Skipping the images, transcribe each record below as it is.

## Recorded information:
--- START ---
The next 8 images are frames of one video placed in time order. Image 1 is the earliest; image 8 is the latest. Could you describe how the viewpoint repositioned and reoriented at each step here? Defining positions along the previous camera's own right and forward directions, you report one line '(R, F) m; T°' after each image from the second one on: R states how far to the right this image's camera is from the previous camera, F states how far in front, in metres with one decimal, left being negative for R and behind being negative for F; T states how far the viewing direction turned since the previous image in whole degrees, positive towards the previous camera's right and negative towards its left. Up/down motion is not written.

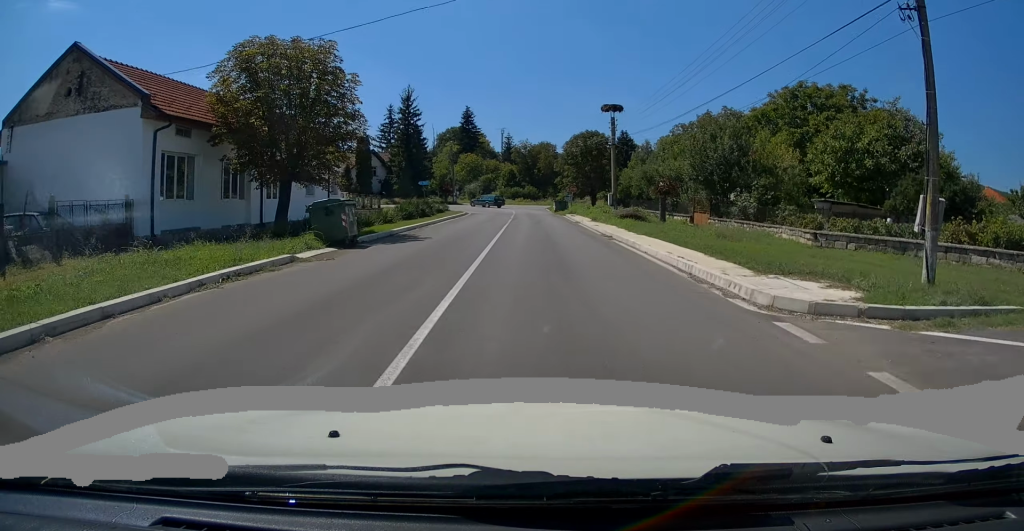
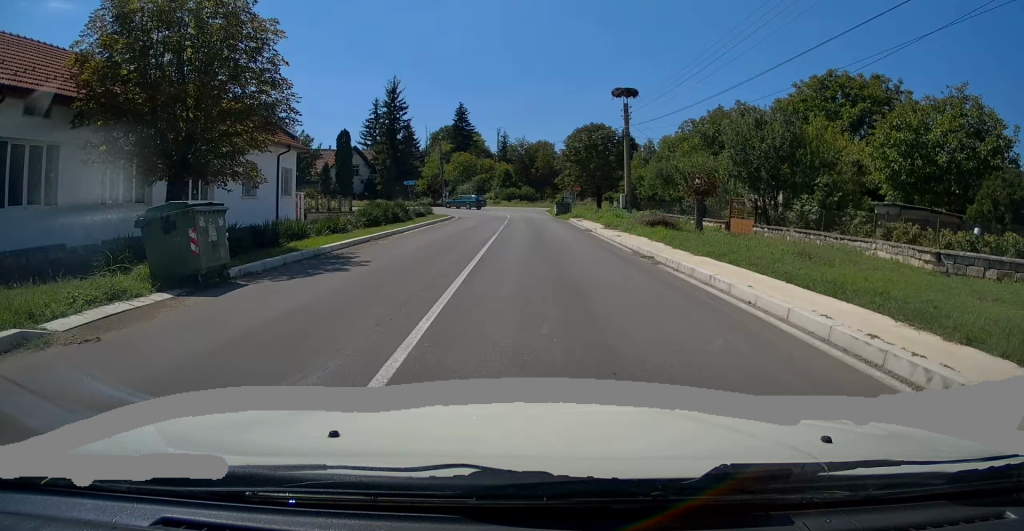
(+0.1, +7.3) m; 0°
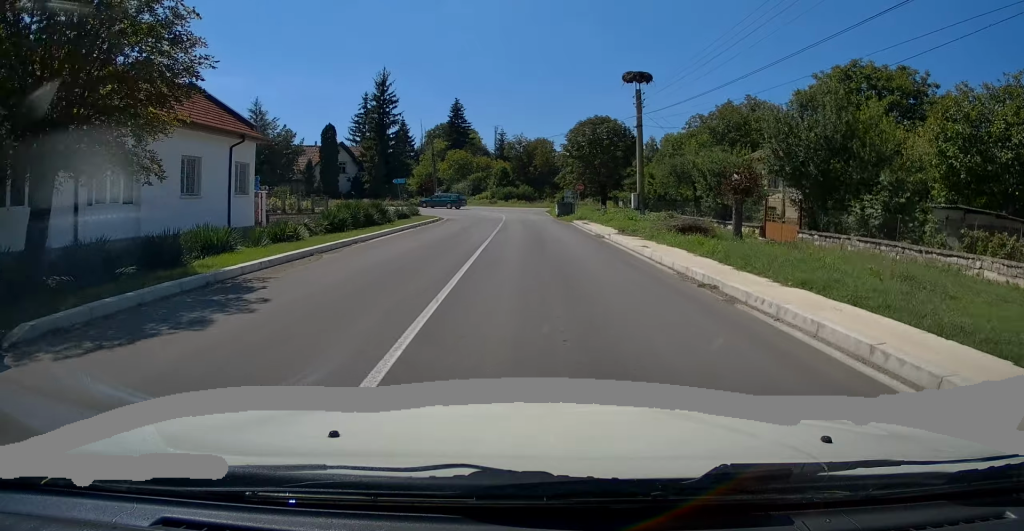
(-0.2, +4.8) m; 0°
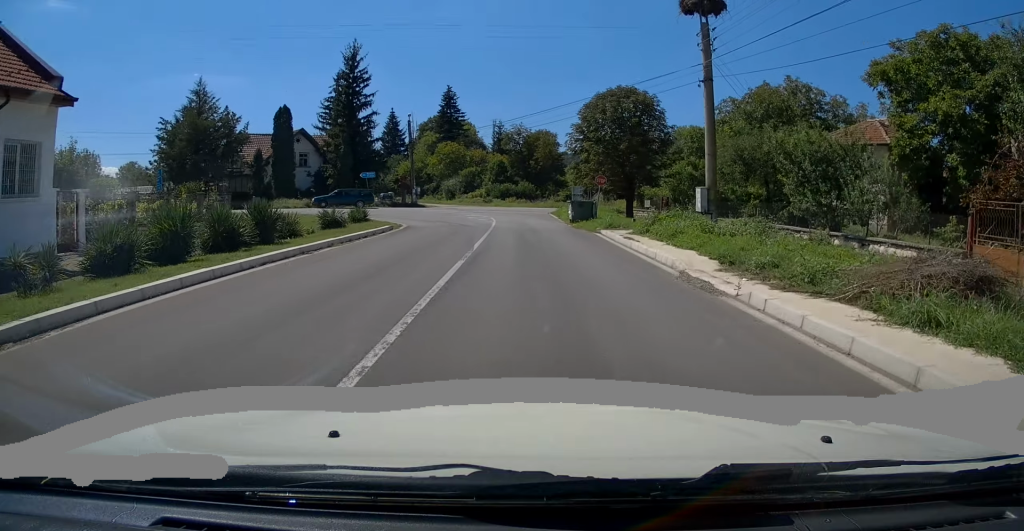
(+0.2, +12.8) m; +1°
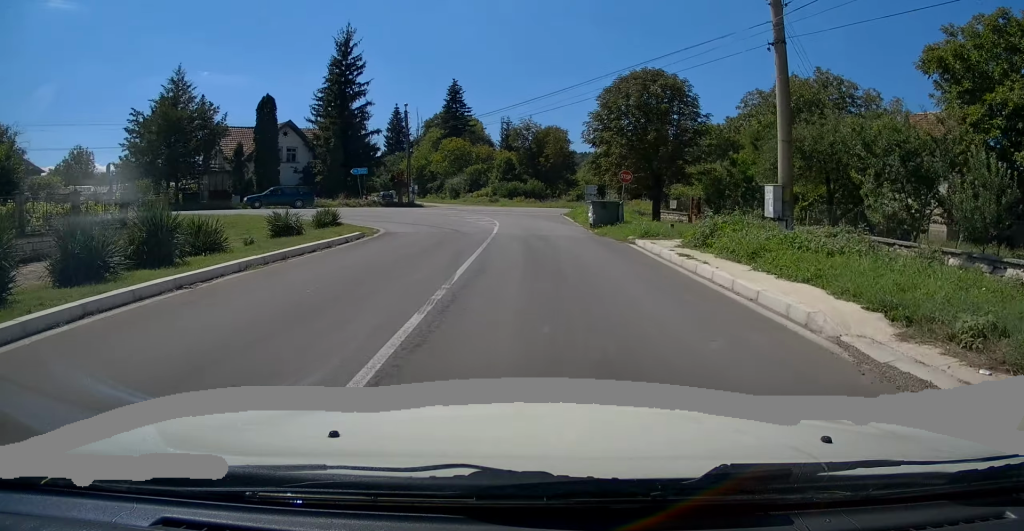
(-0.1, +5.2) m; -1°
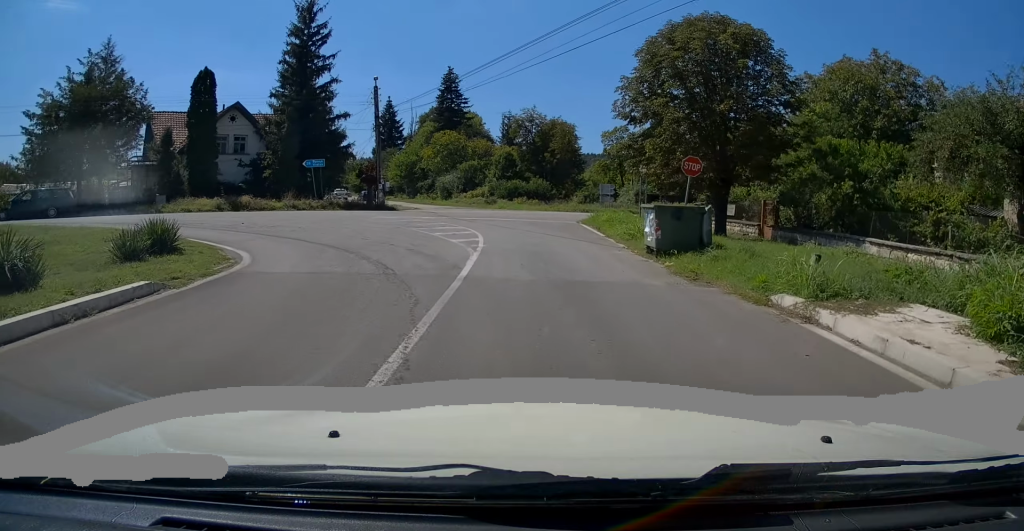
(-0.2, +11.0) m; -1°
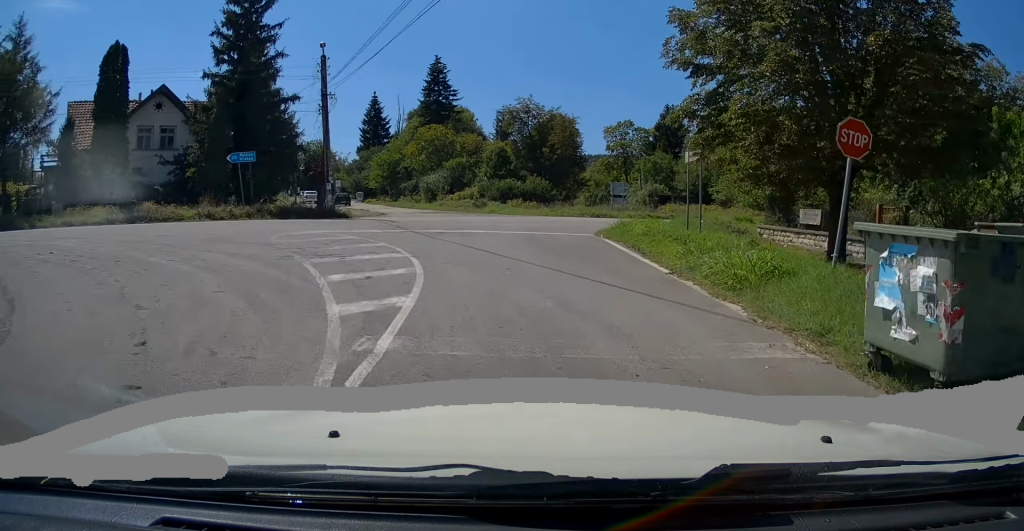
(+0.2, +9.1) m; +3°
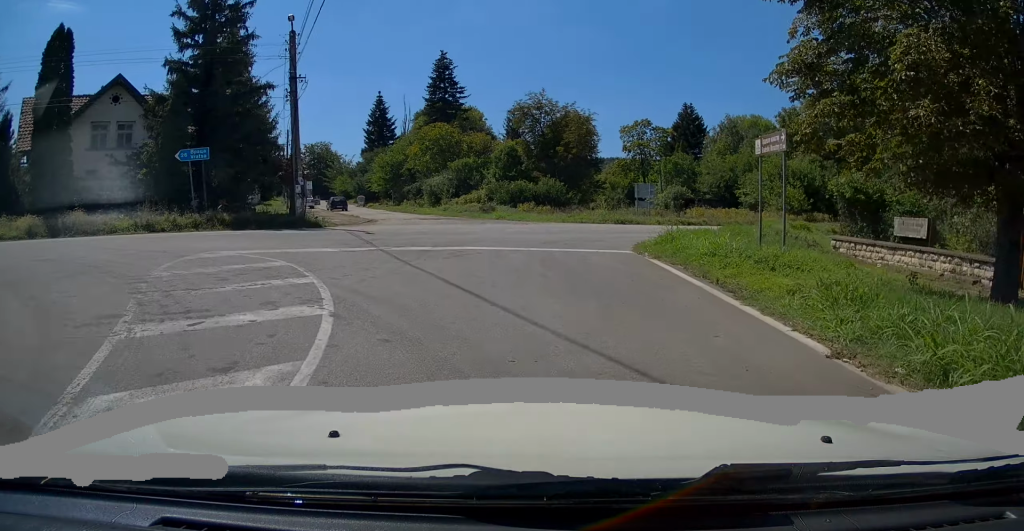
(+0.3, +5.3) m; -3°
--- END ---
## Response to this exercise:
The next 8 images are frames of one video placed in time order. Image 1 is the earliest; image 8 is the latest. Could you describe how the viewpoint repositioned and reoriented at each step here? Defining positions along the previous camera's own right and forward directions, you report one line '(R, F) m; T°' after each image from the second one on: R states how far to the right this image's camera is from the previous camera, F states how far in front, in metres with one decimal, left being negative for R and behind being negative for F; T states how far the viewing direction turned since the previous image in whole degrees, positive towards the previous camera's right and negative towards its left. Up/down motion is not written.

(+0.1, +7.3) m; 0°
(-0.2, +4.8) m; 0°
(+0.2, +12.8) m; +1°
(-0.1, +5.2) m; -1°
(-0.2, +11.0) m; -1°
(+0.2, +9.1) m; +3°
(+0.3, +5.3) m; -3°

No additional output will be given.